From 1803 to 1810, Shahgarh, along with the rest of the pargana, was leased to Raja Har Chand Singh. However, the settlement of 1810 resulted in the estate being resumed by the authorities. At that time, Shahgarh comprised only 40 villages and had been reduced to roughly half its former size. In 1846, it once again came under the control of the Amethi taluqdars through the general lease granted by Maharaja Man Singh. Balwant Singh, the proprietor of the estate, strongly opposed this arrangement. In response, Raja Madho Singh had him arrested and confined in order to suppress his resistance.
In this sorry plight he remained at the time of William Henry Sleeman's tour. "Madhoparshad of Amethi," writes the Resident, "has lately seized upon the estate of Shahgarh, worth twenty-thousand rupees a year, which had been cut off from the Amethi estate, and enjoyed by a collateral branch of the family for several generations. He holds the proprietor Balwant Singh in prison in irons, and would soon make away with him were the Oudh Government to think it worth while to enquire after him."

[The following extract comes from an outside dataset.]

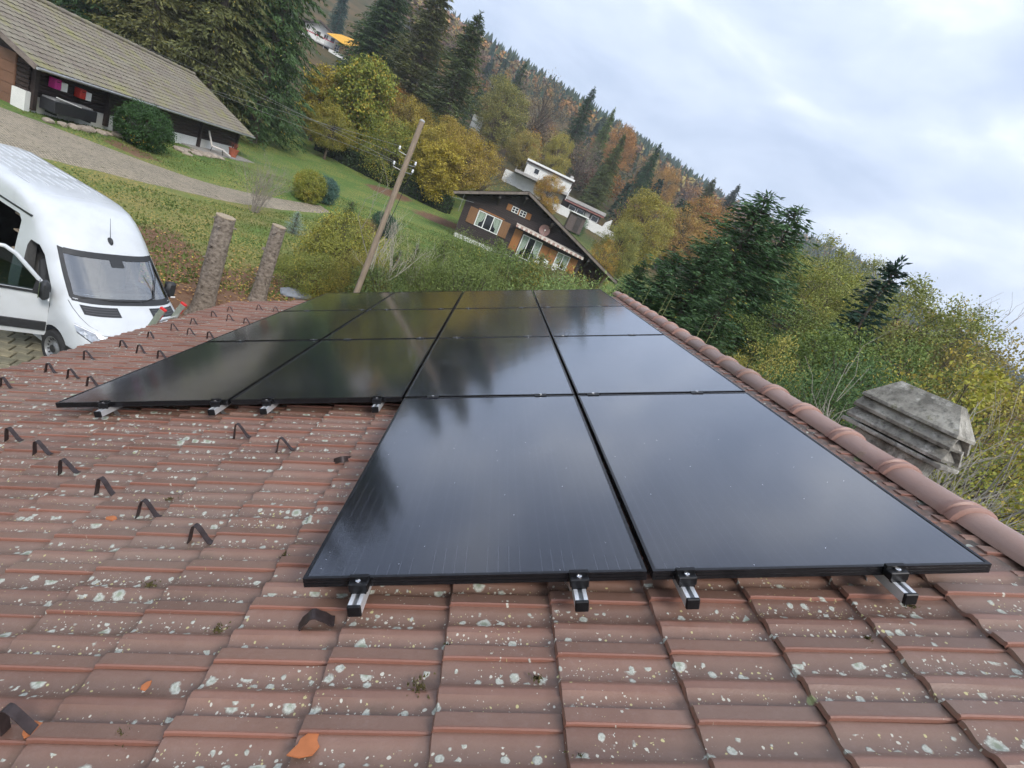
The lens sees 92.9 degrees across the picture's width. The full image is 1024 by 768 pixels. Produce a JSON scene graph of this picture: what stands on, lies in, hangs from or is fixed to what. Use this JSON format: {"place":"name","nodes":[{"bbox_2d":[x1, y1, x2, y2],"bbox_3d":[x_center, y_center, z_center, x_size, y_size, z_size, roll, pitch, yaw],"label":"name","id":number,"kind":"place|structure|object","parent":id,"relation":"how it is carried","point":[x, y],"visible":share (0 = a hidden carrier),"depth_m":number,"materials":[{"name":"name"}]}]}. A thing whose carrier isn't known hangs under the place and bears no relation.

The Resident's interest in the fortunes of Balwant Singh extended beyond this brief intervention. After returning to Lucknow, he presented the matter before the Darbar and, following some delay, eventually secured both Balwant Singh's release and the restoration of his estate. These events occurred at a critical moment, around the end of 1855. Had the decision been delayed by only a few months, Shahgarh would have been annexed along with Amethi and would likely have remained permanently incorporated within it.

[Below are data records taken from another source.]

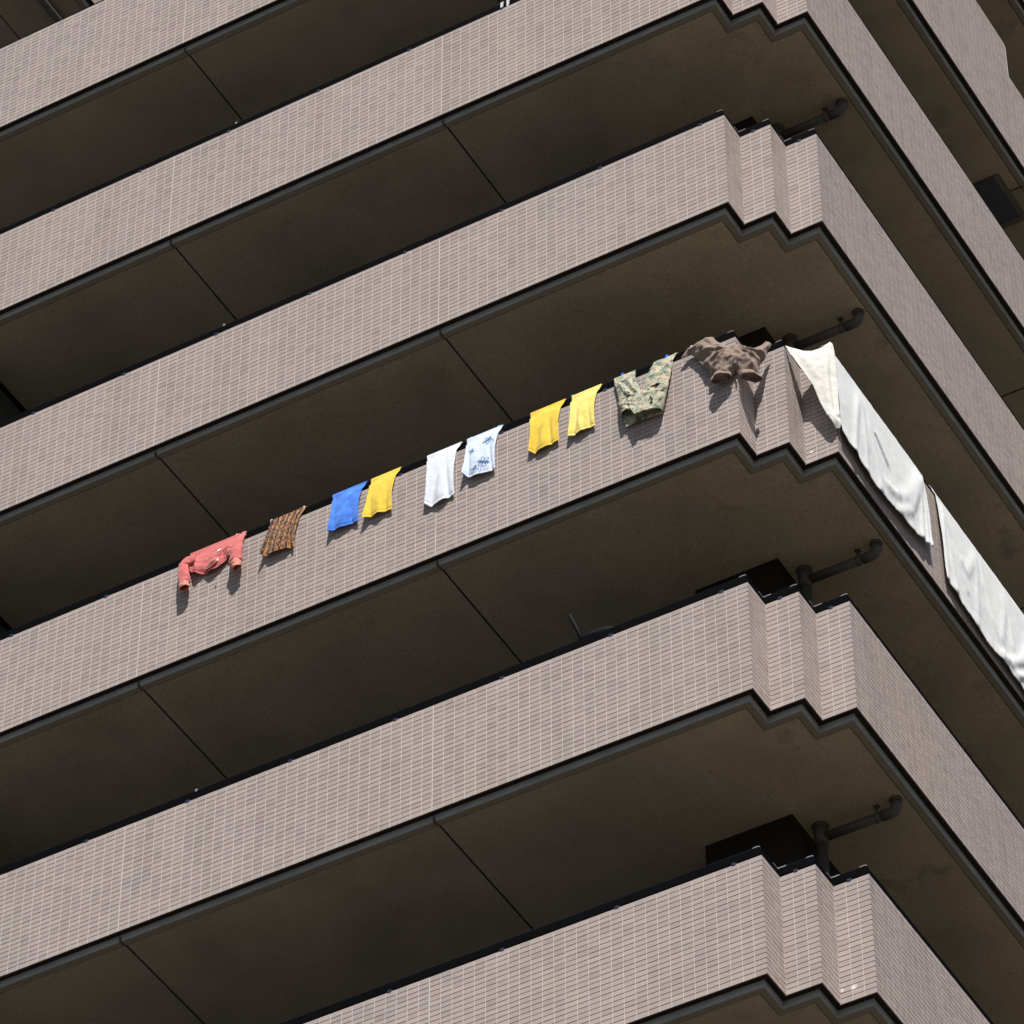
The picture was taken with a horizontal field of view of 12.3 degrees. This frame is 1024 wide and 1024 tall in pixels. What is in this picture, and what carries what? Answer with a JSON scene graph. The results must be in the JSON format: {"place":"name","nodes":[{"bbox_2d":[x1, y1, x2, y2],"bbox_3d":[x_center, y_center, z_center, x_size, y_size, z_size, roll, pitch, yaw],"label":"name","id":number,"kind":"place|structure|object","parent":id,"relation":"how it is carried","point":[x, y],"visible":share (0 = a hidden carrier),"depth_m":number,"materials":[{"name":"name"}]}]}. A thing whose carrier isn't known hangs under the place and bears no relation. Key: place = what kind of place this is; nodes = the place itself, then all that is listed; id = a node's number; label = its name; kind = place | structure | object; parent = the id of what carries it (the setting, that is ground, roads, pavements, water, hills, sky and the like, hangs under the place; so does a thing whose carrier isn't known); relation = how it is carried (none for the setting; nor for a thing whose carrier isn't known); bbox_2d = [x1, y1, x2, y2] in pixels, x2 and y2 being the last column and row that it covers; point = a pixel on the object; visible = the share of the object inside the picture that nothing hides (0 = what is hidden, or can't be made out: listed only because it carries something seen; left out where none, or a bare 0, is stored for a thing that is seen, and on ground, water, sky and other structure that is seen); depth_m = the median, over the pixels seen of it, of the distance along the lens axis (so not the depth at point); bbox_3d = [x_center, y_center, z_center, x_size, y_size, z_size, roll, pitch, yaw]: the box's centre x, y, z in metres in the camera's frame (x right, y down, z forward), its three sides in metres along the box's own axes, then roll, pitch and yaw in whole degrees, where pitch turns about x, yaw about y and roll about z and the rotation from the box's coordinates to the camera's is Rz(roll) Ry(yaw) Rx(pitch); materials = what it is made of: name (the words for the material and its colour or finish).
{"place":"outdoors","nodes":[
{"label":"outdoors","id":0,"kind":"place"},
{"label":"pavement","id":1,"kind":"structure","parent":0,"visible":0},
{"bbox_2d":[0,0,1023,1023],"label":"apartment building","id":2,"kind":"structure","parent":1,"relation":"on","point":[753,753],"depth_m":42.18,"materials":[{"name":"light beige-pink ceramic tile"},{"name":"concrete"},{"name":"paint"}]},
{"bbox_2d":[178,531,245,591],"bbox_3d":[-2.639,0.451,42.262,0.696,0.589,0.257,-22,-49,21],"label":"sweatshirt","id":3,"kind":"object","parent":2,"relation":"hanging from","point":[205,561],"visible":1,"depth_m":42.24,"materials":[{"name":"fabric"}]},
{"bbox_2d":[259,506,306,556],"bbox_3d":[-2.004,0.191,42.036,0.404,0.534,0.217,-22,-49,21],"label":"towel","id":4,"kind":"object","parent":2,"relation":"hanging from","point":[280,534],"visible":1,"depth_m":41.97,"materials":[{"name":"brown fabric"}]},
{"bbox_2d":[327,481,367,530],"bbox_3d":[-1.429,-0.030,41.803,0.354,0.540,0.200,-22,-49,21],"label":"towel","id":5,"kind":"object","parent":2,"relation":"hanging from","point":[344,509],"visible":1,"depth_m":41.74,"materials":[{"name":"blue fabric"}]},
{"bbox_2d":[361,467,401,517],"bbox_3d":[-1.120,-0.149,41.667,0.337,0.562,0.204,-22,-49,21],"label":"towel","id":6,"kind":"object","parent":2,"relation":"hanging from","point":[379,497],"visible":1,"depth_m":41.60,"materials":[{"name":"yellow fabric"}]},
{"bbox_2d":[424,442,462,506],"bbox_3d":[-0.583,-0.301,41.401,0.351,0.723,0.178,-22,-49,21],"label":"towel","id":7,"kind":"object","parent":2,"relation":"hanging from","point":[439,484],"visible":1,"depth_m":41.34,"materials":[{"name":"white fabric"}]},
{"bbox_2d":[461,425,503,477],"bbox_3d":[-0.235,-0.500,41.289,0.360,0.596,0.211,-22,-49,21],"label":"towel","id":8,"kind":"object","parent":2,"relation":"hanging from","point":[479,457],"visible":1,"depth_m":41.23,"materials":[{"name":"white fabric"}]},
{"bbox_2d":[528,399,566,453],"bbox_3d":[0.323,-0.717,41.077,0.349,0.590,0.180,-22,-49,21],"label":"towel","id":9,"kind":"object","parent":2,"relation":"hanging from","point":[543,427],"visible":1,"depth_m":41.02,"materials":[{"name":"yellow fabric"}]},
{"bbox_2d":[567,384,602,436],"bbox_3d":[0.651,-0.856,40.943,0.302,0.580,0.187,-22,-49,21],"label":"towel","id":10,"kind":"object","parent":2,"relation":"hanging from","point":[581,415],"visible":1,"depth_m":40.88,"materials":[{"name":"yellow fabric"}]},
{"bbox_2d":[567,614,613,639],"bbox_3d":[0.706,0.947,39.324,0.515,0.452,0.120,-22,-49,21],"label":"drying rack","id":11,"kind":"object","parent":2,"relation":"attached to","point":[576,627],"visible":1,"depth_m":39.26,"materials":[{"name":"black metal"}]},
{"bbox_2d":[614,353,677,427],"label":"trousers","id":12,"kind":"object","parent":2,"relation":"hanging from","point":[637,404],"visible":1,"depth_m":40.54,"materials":[{"name":"fabric"}]},
{"bbox_2d":[681,337,770,383],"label":"shorts","id":13,"kind":"object","parent":2,"relation":"hanging from","point":[719,362],"visible":1,"depth_m":40.25,"materials":[{"name":"brown fabric"}]},
{"bbox_2d":[785,342,933,546],"bbox_3d":[3.054,-0.574,40.788,0.332,1.212,2.015,-26,-50,24],"label":"bed sheet","id":14,"kind":"object","parent":2,"relation":"hanging from","point":[896,476],"visible":1,"depth_m":40.60,"materials":[{"name":"white fabric"}]},
{"bbox_2d":[929,485,1023,689],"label":"bed sheet","id":15,"kind":"object","parent":2,"relation":"hanging from","point":[992,608],"visible":1,"depth_m":41.96,"materials":[{"name":"white fabric"}]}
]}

Babu Balwant Singh supported the British during the Indian Rebellion of 1857, motivated in part by personal and political interests. He was noted for the services he rendered to the British authorities during the uprising. As a result, he retained the estate he had recovered in 1855, and his rights over it were formally recognized and protected through a taluqdari sanad granted by the colonial government. Babu Balwant Singh was succeeded by his son Babu Bijay Bahadur Singh. At the turn of the 20th century, the Shahgarh estate consisted of 20 villages and 1 patti in pargana Amethi.

Following India's independence on August 15, 1947, the Shahgarh (Taluq) estate was integrated into the Dominion of India and later the Republic of India. Babu Shiv Pratap Singh was the last ruler of Shahgarh.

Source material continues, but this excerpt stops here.